KUALA LUMPUR (Nov 2): Shares in Ekovest Bhd tumbled as much as 22% yesterday, as investors reacted negatively to news that its executive chairman and major shareholder Tan Sri Lim Kang Hoo intends for it to acquire a 62% stake in Iskandar Waterfront City Bhd (IWCity).

The stock resumed trading yesterday after a two-day halt in anticipation of the announcement, to hit an intraday low of 91 sen in early trade. It closed 21 sen or 18.1% lower at 95 sen — its lowest closing since Dec 29, 2016 — to emerge as one of the biggest Bursa Malaysia decliners of the day. It lost RM456 million in market value in a single day.

Ekovest also saw a total of 366.5 million shares changing hands, thereby emerging as the most active stock yesterday.

Ekovest’s structured warrants (EKOVEST-CE) fell 16.5 sen or 71.74% to 6.5 sen yesterday, with 122.45 million shares done.

UOB Kay Hian analyst Ridhwan Effendy downgraded Ekovest’s stock to a “sell” rating with a lower target price of RM1.04 from RM1.45, saying Ekovest’s proposal to acquire a 62% stake in IWCity comes as a negative surprise. He foresees a negative near-term impact on Ekovest’s share price.

IWCity’s stock was not spared in the sell-off yesterday, falling as much as 9% to an intraday low of RM1.28. The counter pared earlier losses to close down 11 sen or 7.86% at RM1.29, causing it to lose RM92 million in value. A total of 32.33 million shares were traded. IWCity also emerged as one of the top active stocks and biggest losers of the day.

In a surprise announcement on Tuesday, IWCity said the company and its parent Iskandar Waterfront Holdings Sdn Bhd (IWH) have mutually agreed to terminate a plan to merge, which would see the establishment of one of the largest listed property developers on Bursa.

This follows a decision by the owners of the pieces of land that were supposed to be injected into the enlarged IWH — Sultan of Johor Sultan Ibrahim Sultan Iskandar and Kumpulan Prasarana Rakyat Johor Sdn Bhd (KPRJ) — to pull out of their participation in the restructuring exercise between the two companies.

As an alternative, Lim is now proposing Ekovest to buy the rest of the 62% stake not owned by IWH in IWCity through a cash consideration of RM1.50 per share or a one-for-one share swap deal.

Ridhwan said the proposal could see Ekovest forking out up to RM764 million in cash for the stake. This would result in Ekovest’s gearing rising up to 1.1 times from 0.8 times, and could cost the group RM38 million in financing cost per year at a 5% rate, he estimated.

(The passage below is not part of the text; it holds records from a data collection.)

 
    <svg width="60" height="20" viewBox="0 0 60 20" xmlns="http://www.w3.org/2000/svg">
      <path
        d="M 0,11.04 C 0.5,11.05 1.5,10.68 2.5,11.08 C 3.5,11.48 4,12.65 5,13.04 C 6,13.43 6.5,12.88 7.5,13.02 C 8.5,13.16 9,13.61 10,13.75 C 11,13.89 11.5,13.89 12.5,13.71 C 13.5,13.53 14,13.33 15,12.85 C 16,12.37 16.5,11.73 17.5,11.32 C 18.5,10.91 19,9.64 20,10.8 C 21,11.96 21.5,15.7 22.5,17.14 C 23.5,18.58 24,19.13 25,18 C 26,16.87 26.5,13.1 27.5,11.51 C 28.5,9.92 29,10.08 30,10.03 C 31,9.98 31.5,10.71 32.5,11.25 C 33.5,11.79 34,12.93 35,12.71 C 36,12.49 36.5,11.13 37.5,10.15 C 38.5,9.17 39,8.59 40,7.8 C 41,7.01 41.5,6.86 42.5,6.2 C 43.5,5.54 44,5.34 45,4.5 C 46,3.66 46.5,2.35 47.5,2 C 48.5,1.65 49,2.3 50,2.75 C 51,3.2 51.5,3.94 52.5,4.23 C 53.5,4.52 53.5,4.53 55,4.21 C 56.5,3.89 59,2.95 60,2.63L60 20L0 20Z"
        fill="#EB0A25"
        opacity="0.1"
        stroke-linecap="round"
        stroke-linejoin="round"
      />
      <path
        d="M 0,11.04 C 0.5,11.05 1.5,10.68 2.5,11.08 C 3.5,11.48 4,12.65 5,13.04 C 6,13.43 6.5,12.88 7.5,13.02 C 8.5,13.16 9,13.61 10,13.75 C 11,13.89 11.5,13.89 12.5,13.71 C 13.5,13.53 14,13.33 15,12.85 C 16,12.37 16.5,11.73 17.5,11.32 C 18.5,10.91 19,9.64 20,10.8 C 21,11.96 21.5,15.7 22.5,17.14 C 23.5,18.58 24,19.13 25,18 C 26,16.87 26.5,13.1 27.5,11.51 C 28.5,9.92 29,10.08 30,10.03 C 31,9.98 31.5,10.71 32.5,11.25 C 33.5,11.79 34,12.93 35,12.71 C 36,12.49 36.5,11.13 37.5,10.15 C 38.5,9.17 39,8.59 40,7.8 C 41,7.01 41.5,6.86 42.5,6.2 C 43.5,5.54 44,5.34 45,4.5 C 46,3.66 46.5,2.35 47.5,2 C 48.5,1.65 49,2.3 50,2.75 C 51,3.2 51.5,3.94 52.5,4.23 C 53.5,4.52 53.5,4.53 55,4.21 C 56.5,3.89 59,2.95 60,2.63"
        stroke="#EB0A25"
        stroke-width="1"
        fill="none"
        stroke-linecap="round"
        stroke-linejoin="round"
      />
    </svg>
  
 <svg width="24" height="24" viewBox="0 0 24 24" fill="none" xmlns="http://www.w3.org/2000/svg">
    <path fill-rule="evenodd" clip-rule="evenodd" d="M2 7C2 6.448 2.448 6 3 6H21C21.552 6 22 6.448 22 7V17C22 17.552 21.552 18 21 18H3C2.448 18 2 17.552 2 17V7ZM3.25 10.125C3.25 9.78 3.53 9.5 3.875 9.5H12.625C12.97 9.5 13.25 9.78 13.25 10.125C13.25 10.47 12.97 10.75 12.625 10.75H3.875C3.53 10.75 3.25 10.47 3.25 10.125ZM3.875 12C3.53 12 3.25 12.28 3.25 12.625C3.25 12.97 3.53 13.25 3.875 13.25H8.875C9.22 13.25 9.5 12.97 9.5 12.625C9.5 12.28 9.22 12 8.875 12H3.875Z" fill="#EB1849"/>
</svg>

“While equity fundraising could be an option, earnings per share would be diluted given the long-term nature of IWCity’s business, which focuses mainly on land disposals, making earnings delivery rather lumpy,” he said in a note to clients yesterday.

Also, assuming 50% of IWC shareholders opt for the issuance of an Ekovest share, prospective financial year 2018 price earnings for Ekovest could rise to 18.5 times from 16.7 times based on the last traded price.

Still, Ridhwan noted there is a “decent chance” of the deal not going through as institutional holding stands at about 20%. Ekovest would need at least 50.1% of shareholders’ approval for the proposed transaction to go through, excluding Lim and related parties who own more than 50% of Ekovest.

“Our target price could potentially be revised upwards, but not fully restored, should the deal be blocked and no longer pursued by management,” he said.

In May, Ekovest and IWCity also suffered a plunge in their stock price after government-owned TRX City Sdn Bhd terminated its planned sale of a 60% stake in Bandar Malaysia Sdn Bhd to IWH CREC Sdn Bhd. The Bandar Malaysia project was considered the crown jewel of the IWCity-IWH merger exercise.

This article first appeared in The Edge Financial Daily, on Nov 2, 2017.